Root | The top node in a tree. |

Child | A node directly connected to another node when moving away from the Root. |

Parent | The converse notion of a child. |

Siblings | A group of nodes with the same parent. |

Descendant | A node that is reachable by repeated proceeding from parent to child. |

Ancestor | A node that is reachable by repeated proceeding from child to parent. |

Branch | A node of a tree that has child nodes. Also called an internal node. |

Leaf | A node with no children.

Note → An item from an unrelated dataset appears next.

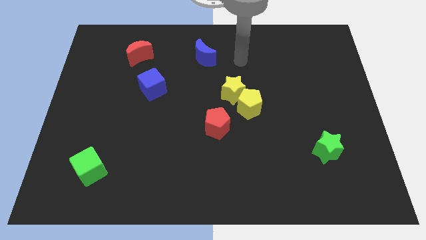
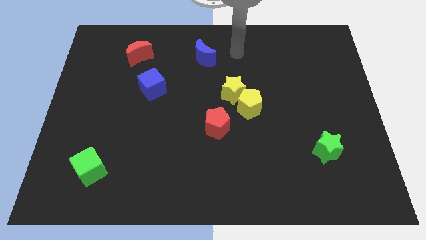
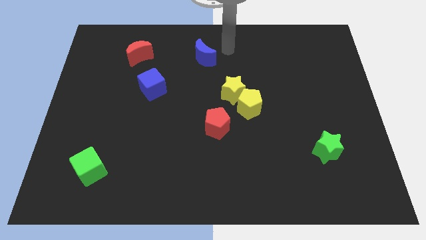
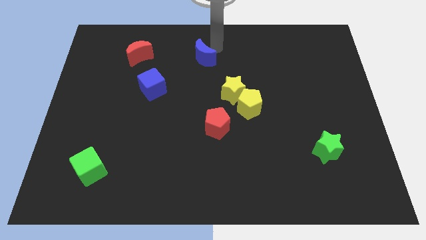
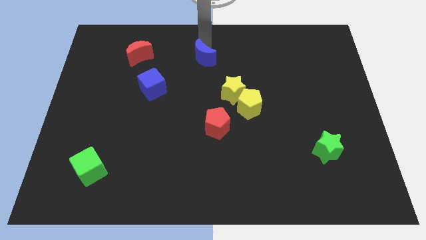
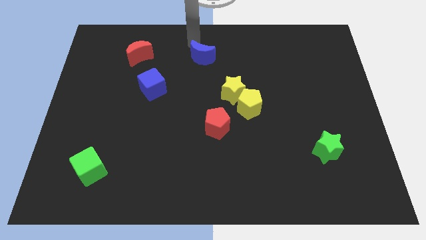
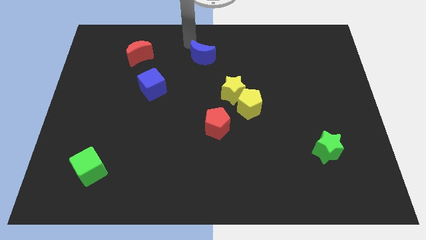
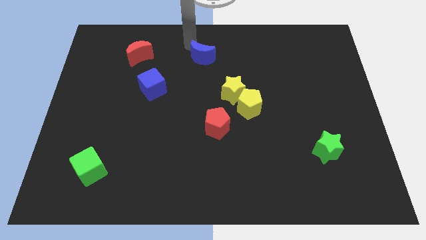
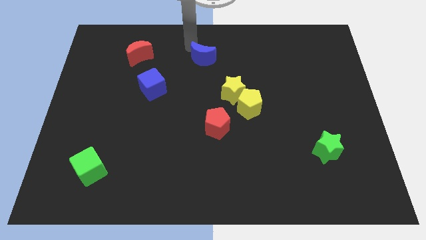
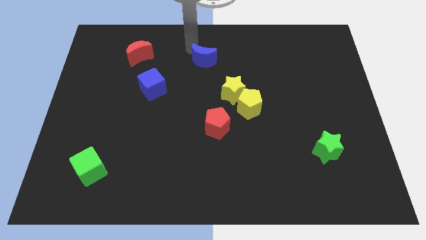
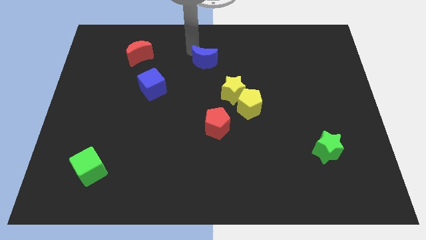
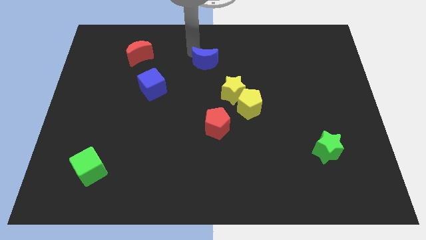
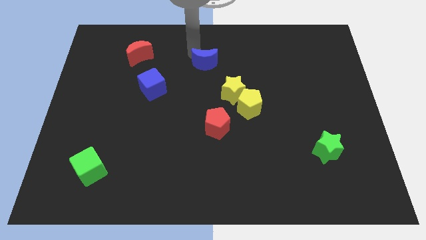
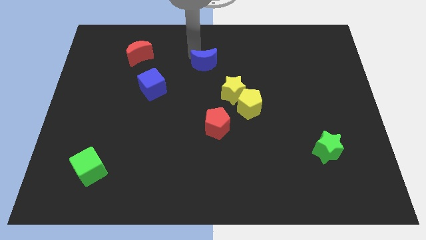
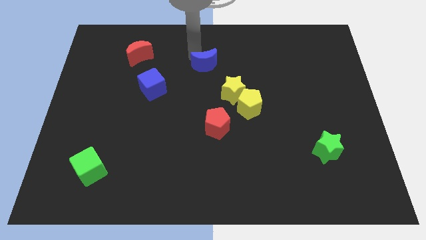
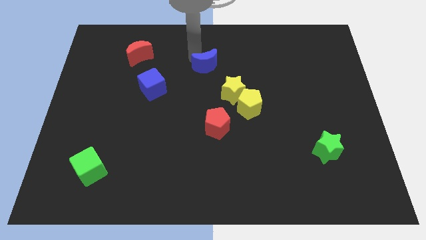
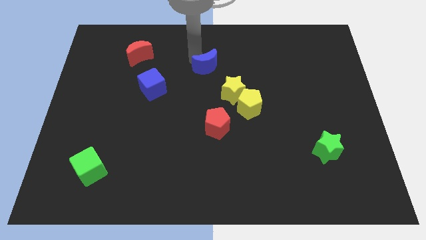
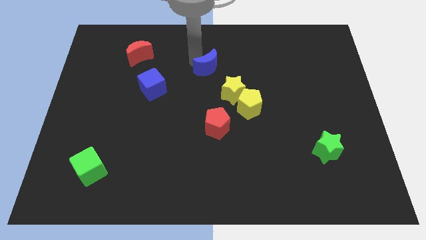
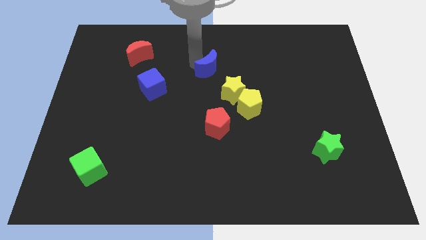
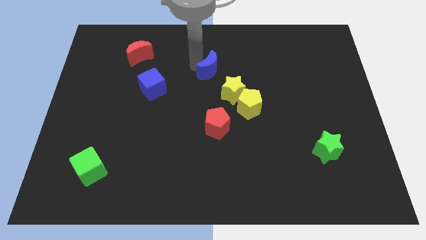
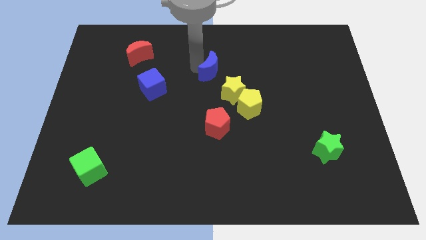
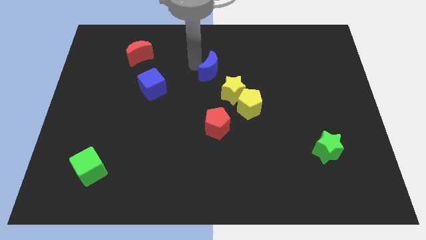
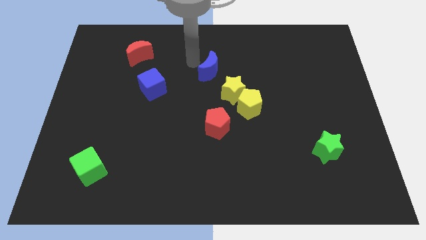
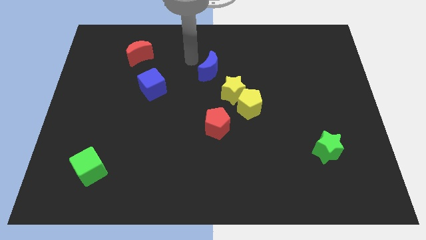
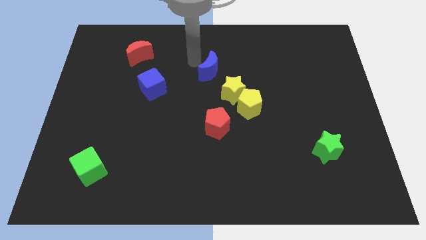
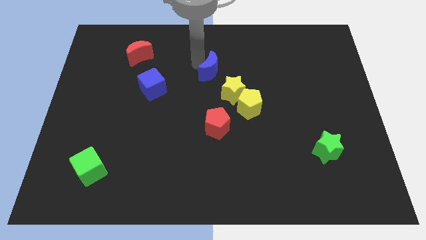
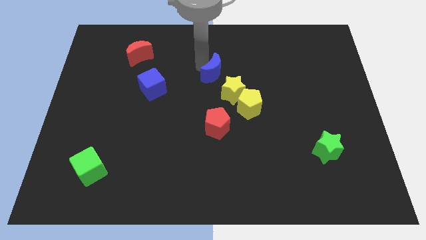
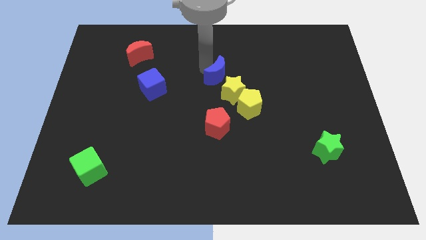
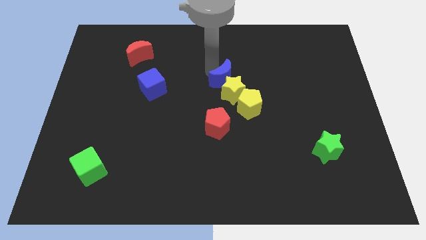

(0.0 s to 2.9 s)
move the blue moon next to the yellow star

Less commonly called an external node. |

Degree | The number of subtrees of a node. |

Edge | The connection between one node and another. |

Path | A sequence of nodes and edges connecting a node with a descendant. |

Level | The level of a node is defined by 1 + (the number of connections between the node and the root). |

Height of the tree | The height of a tree is the height of its root node. |

Depth | The depth of a node is the number of edges from the tree’s root node to the node. |

Forest | A forest is a set of n ≥ 0 disjoint trees. |

### Some Popular Types of Trees:

1. **Binary Tree**. It has the following properties:

- The maximum number of nodes at level ‘l’ of a binary tree is 2^l-1.
- In Binary tree where every node has 0 or 2 children, number of leaf nodes is always one more than nodes with two children.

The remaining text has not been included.